This is possible, and could also be linked from the error page, in addition or as alternative to the proposals above

eu-genia commented 4 years ago

Thank you @PietroLiuzzo , just something maybe I don't quite get

I think it is also reasonable to say that the relations or similar actions are only introduced from now, we cannot go back systematically (unless we anyway are updating a relevant record), what was done was done; we should, if a new guideline is decided upon, apply it from now on and in the future

PietroLiuzzo commented 4 years ago

We can use sameAs and change the behavior not to have a link, based on the presence of that id in the list of deleted entries. so, if I have LIT1 sameAs LIT2, but LIT1 is in the list of deleted, the app will show LIT2 and will deal with the visualization of LIT1 accordingly. One thing is the data, another the visualization, and the second should not be a factor to decide the first. Here we have all we need to let the app make a decision on what to print and where. If you prefer another relation, for example to avoid confusion with other usages of sameAs, I am ok with that.
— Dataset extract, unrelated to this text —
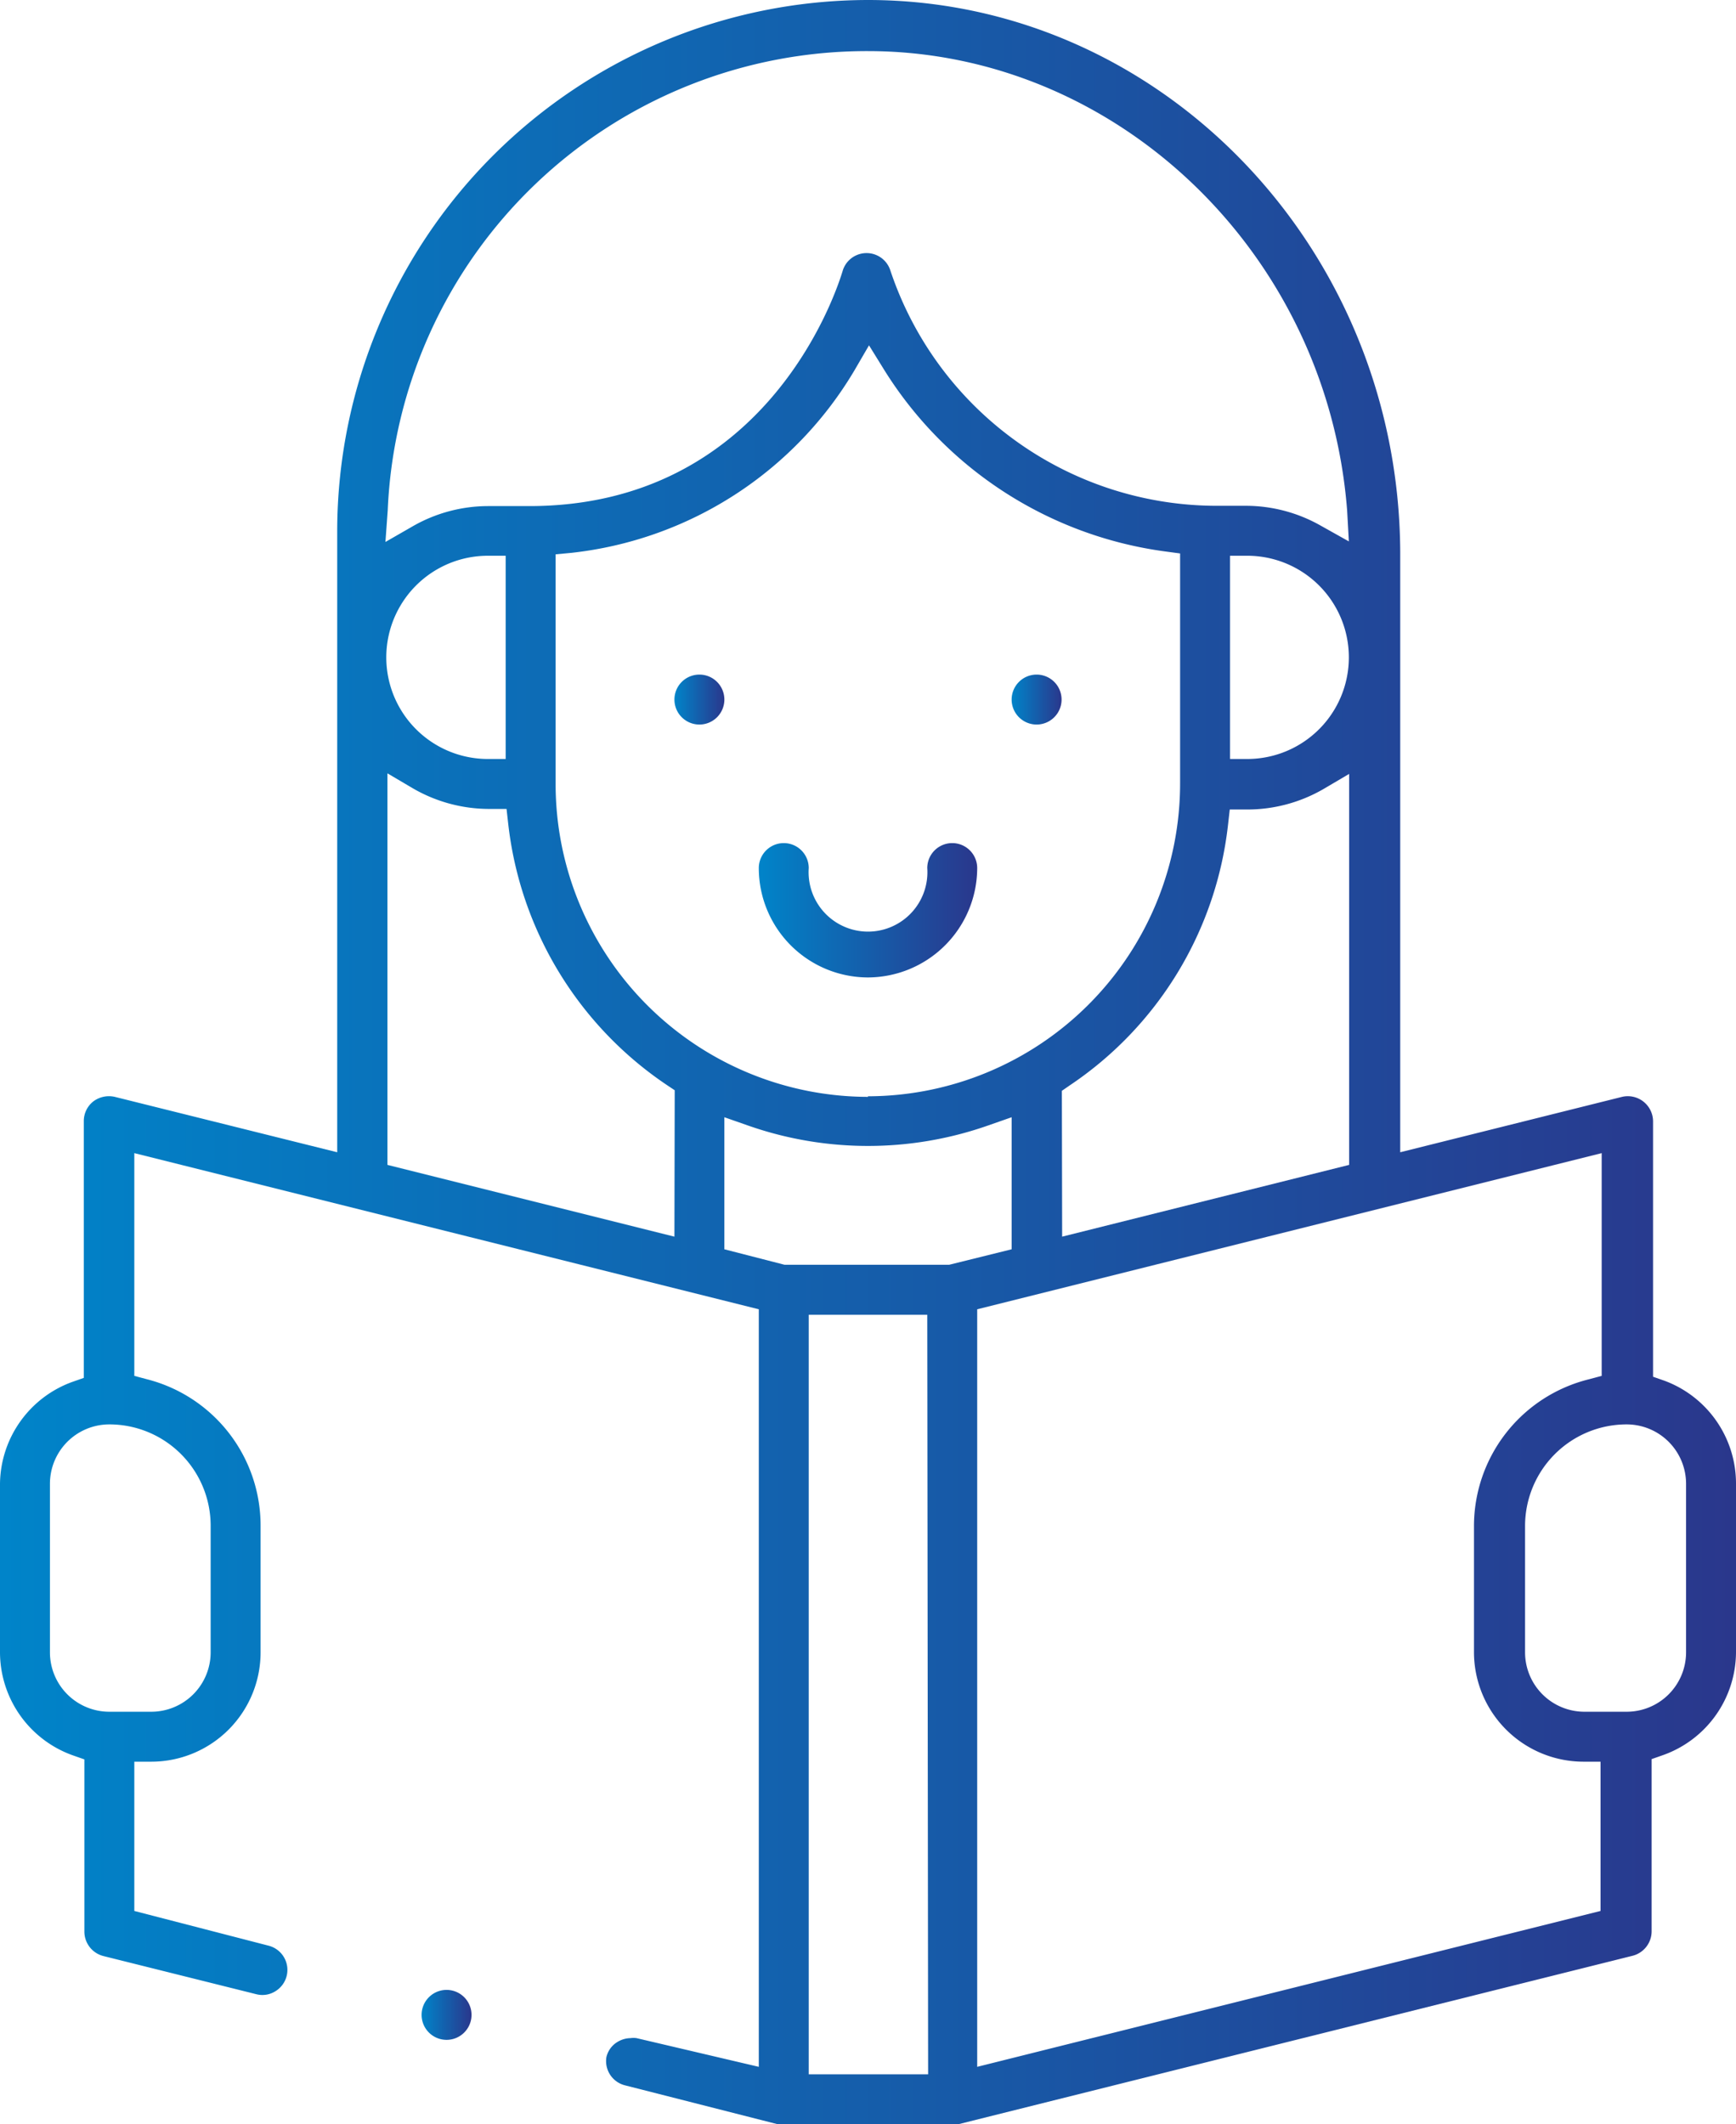 <svg xmlns="http://www.w3.org/2000/svg" xmlns:xlink="http://www.w3.org/1999/xlink" viewBox="0 0 60.49 74"><defs><style>.cls-1{fill:url(#linear-gradient);}.cls-2{fill:url(#linear-gradient-2);}.cls-3{fill:url(#linear-gradient-3);}.cls-4{fill:url(#linear-gradient-4);}.cls-5{fill:url(#linear-gradient-5);}</style><linearGradient id="linear-gradient" x1="35.25" y1="24.37" x2="36.99" y2="24.37" gradientUnits="userSpaceOnUse"><stop offset="0" stop-color="#0084c9"/><stop offset="1" stop-color="#2a378c"/></linearGradient><linearGradient id="linear-gradient-2" x1="23.5" y1="24.37" x2="25.24" y2="24.37" xlink:href="#linear-gradient"/><linearGradient id="linear-gradient-3" x1="26.44" y1="31.71" x2="34.05" y2="31.71" xlink:href="#linear-gradient"/><linearGradient id="linear-gradient-4" x1="0" y1="37" x2="60.49" y2="37" xlink:href="#linear-gradient"/><linearGradient id="linear-gradient-5" x1="14.69" y1="70.19" x2="16.43" y2="70.19" xlink:href="#linear-gradient"/></defs><g id="Layer_2" data-name="Layer 2"><g id="Layer_1-2" data-name="Layer 1"><path class="cls-1" d="M36.12,23.5a.87.87,0,1,0,.87.87A.87.87,0,0,0,36.12,23.5Z"/><path class="cls-2" d="M24.37,23.5a.87.87,0,1,0,.87.87A.87.87,0,0,0,24.37,23.5Z"/><path class="cls-3" d="M30.24,34.05a3.82,3.82,0,0,0,3.81-3.81.87.87,0,1,0-1.74,0,2.07,2.07,0,1,1-4.13,0,.87.87,0,1,0-1.74,0A3.81,3.81,0,0,0,30.24,34.05Z"/><path class="cls-4" d="M21.76,72.64,27.1,74a.62.62,0,0,0,.21,0h5.86a.73.73,0,0,0,.22,0l23.5-5.87a.88.88,0,0,0,.66-.85v-6l.4-.14a3.82,3.82,0,0,0,2.54-3.59V51.69A3.82,3.82,0,0,0,58,48.1l-.4-.14v-8.9a.88.88,0,0,0-1.08-.85l-7.73,1.93V19.23C48.74,8.63,40.44,0,30.24,0A18.52,18.52,0,0,0,11.75,18.49V40.14L4,38.21a.91.91,0,0,0-.75.16.87.87,0,0,0-.33.69V48l-.4.14A3.82,3.82,0,0,0,0,51.69v5.87a3.82,3.82,0,0,0,2.54,3.59l.4.14v6a.88.88,0,0,0,.66.85l5.33,1.33a.85.85,0,0,0,.66-.1.87.87,0,0,0-.23-1.59L4.68,66.57v-5.2h.6a3.81,3.81,0,0,0,3.8-3.81V53.15a5.26,5.26,0,0,0-3.95-5.1l-.45-.12V40.17l21.76,5.44V72L22.18,71a.76.76,0,0,0-.21,0,.9.9,0,0,0-.45.13.84.84,0,0,0-.39.53A.87.87,0,0,0,21.76,72.64ZM7.34,53.15v4.41a2.07,2.07,0,0,1-2.06,2.07H3.81a2.07,2.07,0,0,1-2.07-2.07V51.69a2.07,2.07,0,0,1,2.07-2.07A3.53,3.53,0,0,1,7.34,53.15Zm25,19.11H28.18V45.8h4.13ZM56.68,49.62a2.07,2.07,0,0,1,2.07,2.07v5.87a2.07,2.07,0,0,1-2.07,2.07H55.21a2.07,2.07,0,0,1-2.07-2.07V53.15A3.54,3.54,0,0,1,56.68,49.62Zm-.87-9.45v7.76l-.45.12a5.27,5.27,0,0,0-4,5.1v4.41a3.82,3.82,0,0,0,3.81,3.81h.6v5.2L34.05,72V45.61ZM37,38l.26-.18a12.61,12.61,0,0,0,5.53-9.09l.06-.53h.62a5.3,5.3,0,0,0,2.64-.71l.9-.53V40.58l-10,2.5Zm-6.75.21A10.9,10.9,0,0,1,19.36,27.31v-8l.54-.05a13.13,13.13,0,0,0,9.88-6.37l.5-.86.52.84a13.68,13.68,0,0,0,9.8,6.34l.52.07v8A10.9,10.9,0,0,1,30.24,38.19ZM42.86,26.44V19.36h.6a3.54,3.54,0,0,1,0,7.08ZM13.51,17.78a16.71,16.71,0,0,1,16.73-16c8.63,0,16,7,16.7,16L47,18.86l-1-.56a5.29,5.29,0,0,0-2.58-.68h-1a12,12,0,0,1-11.4-8.21.87.87,0,0,0-1.65,0c-.26.88-2.72,8.22-10.93,8.22H17a5.29,5.29,0,0,0-2.63.71l-.94.54Zm4.11,1.58v7.08H17a3.54,3.54,0,0,1,0-7.08ZM23.5,43.08l-10-2.5V26.94l.9.53a5.3,5.3,0,0,0,2.64.71h.61l.06.53a12.67,12.67,0,0,0,5.53,9.09l.27.18Zm1.74.44v-4.6l.8.28a12.64,12.64,0,0,0,8.41,0l.8-.28v4.6l-2.18.54-5.73,0Z"/><path class="cls-5" d="M15.56,69.32a.87.87,0,1,0,.87.87A.87.87,0,0,0,15.56,69.32Z"/></g></g></svg>

Adding DELETED to the title of a "stub" that is not actually deleted, because it is there, is not a good idea and would generate a lot of unwanted caos for machines as well as humans, beside not solving the issue here in any respect IMHO, and not being easily parsable for any other purpose.

eu-genia commented 4 years ago

I was not suggesting to add DELETED but rather to be consistent and go on and delete the superfluous record

thea-m commented 4 years ago

Thank you, excellent suggestions! And I completely agree that we should not worry about the records that have already been deleted, if these or similar mechanisms are implemented from now on, it will be absolutely sufficient. I also understand @eu-genia 's worry about keeping "deleted" records alive. If it is decided that the best solution is not to delete these records, but to keep them (and they will be visible in everyone's GitHub folders?) and add a relation in the other record, it should be absolutely visible in the XML records that they are deleted: everyone navigates and searches and finds their IDs in different ways (as LIT4112Salam has proven: I think it was added to a (EMIP) record before being deleted, and only published after the deletion and therefore escaped the substition action that I hope preceded the deletion. This record must have then been used extensively for copy pasting). So, we should keep in mind those who retrieve their IDs directly in the files (hoping that they occasionally open the records they are using...), not via the app. The same is true if it is decided that records, which are in fact part of larger units, should not be deleted. As long as there is a good solution for this (I'm confident that will be possible), I am very happy with everything suggested by @PietroLiuzzo :)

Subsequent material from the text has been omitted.